--- START ---

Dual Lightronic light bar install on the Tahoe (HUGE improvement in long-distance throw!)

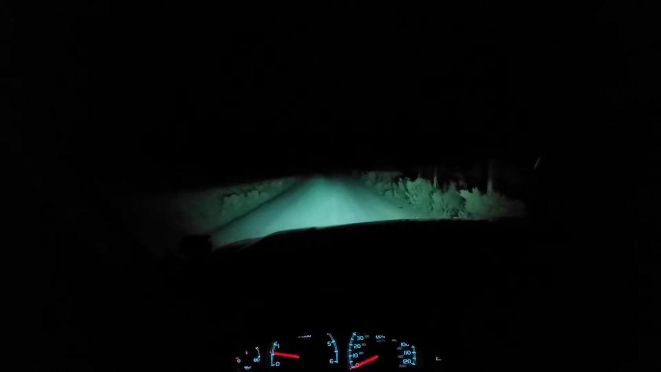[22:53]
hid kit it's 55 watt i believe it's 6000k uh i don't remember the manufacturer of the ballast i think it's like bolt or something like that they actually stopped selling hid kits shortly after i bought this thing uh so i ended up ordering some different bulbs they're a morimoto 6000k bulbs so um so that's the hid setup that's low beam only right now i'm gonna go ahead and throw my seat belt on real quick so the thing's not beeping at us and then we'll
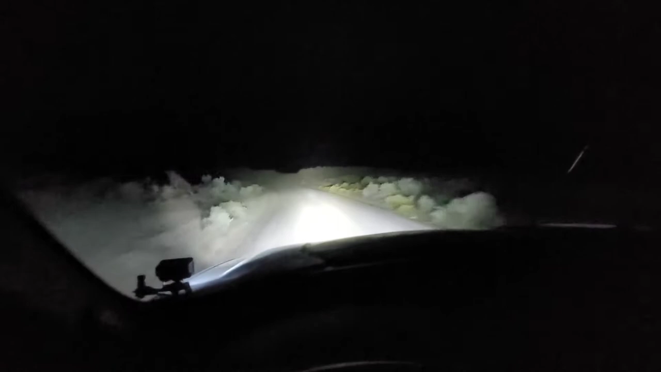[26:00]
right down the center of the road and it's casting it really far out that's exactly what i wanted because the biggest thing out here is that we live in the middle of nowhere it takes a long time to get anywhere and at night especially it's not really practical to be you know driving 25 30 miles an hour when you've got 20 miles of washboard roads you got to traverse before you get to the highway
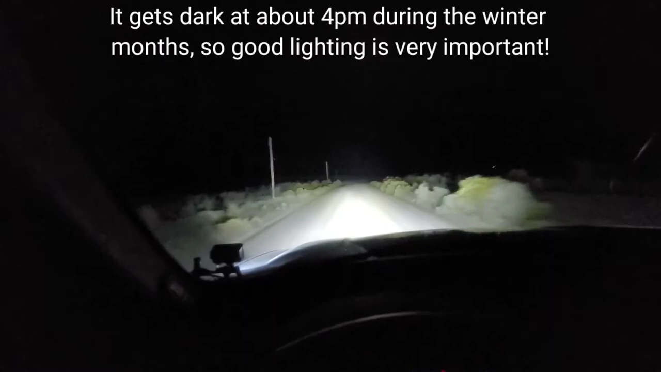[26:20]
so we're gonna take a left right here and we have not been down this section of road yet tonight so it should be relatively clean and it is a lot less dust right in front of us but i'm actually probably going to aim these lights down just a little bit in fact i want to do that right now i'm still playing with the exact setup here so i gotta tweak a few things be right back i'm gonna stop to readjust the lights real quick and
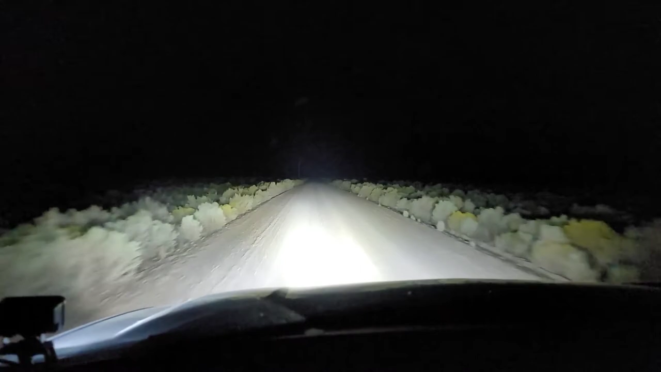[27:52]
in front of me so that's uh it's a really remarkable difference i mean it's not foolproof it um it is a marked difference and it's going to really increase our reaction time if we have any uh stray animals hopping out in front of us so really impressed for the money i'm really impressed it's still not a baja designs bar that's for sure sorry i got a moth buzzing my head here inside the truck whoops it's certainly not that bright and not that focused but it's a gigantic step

--- END ---

__INSTRUCTIONS FOR THE TASK__
Retype the data word for word, please, and keep the images out.

__RESULT BELOW__
Dual Lightronic light bar install on the Tahoe (HUGE improvement in long-distance throw!)

[22:53]
hid kit it's 55 watt i believe it's 6000k uh i don't remember the manufacturer of the ballast i think it's like bolt or something like that they actually stopped selling hid kits shortly after i bought this thing uh so i ended up ordering some different bulbs they're a morimoto 6000k bulbs so um so that's the hid setup that's low beam only right now i'm gonna go ahead and throw my seat belt on real quick so the thing's not beeping at us and then we'll
[26:00]
right down the center of the road and it's casting it really far out that's exactly what i wanted because the biggest thing out here is that we live in the middle of nowhere it takes a long time to get anywhere and at night especially it's not really practical to be you know driving 25 30 miles an hour when you've got 20 miles of washboard roads you got to traverse before you get to the highway
[26:20]
so we're gonna take a left right here and we have not been down this section of road yet tonight so it should be relatively clean and it is a lot less dust right in front of us but i'm actually probably going to aim these lights down just a little bit in fact i want to do that right now i'm still playing with the exact setup here so i gotta tweak a few things be right back i'm gonna stop to readjust the lights real quick and
[27:52]
in front of me so that's uh it's a really remarkable difference i mean it's not foolproof it um it is a marked difference and it's going to really increase our reaction time if we have any uh stray animals hopping out in front of us so really impressed for the money i'm really impressed it's still not a baja designs bar that's for sure sorry i got a moth buzzing my head here inside the truck whoops it's certainly not that bright and not that focused but it's a gigantic step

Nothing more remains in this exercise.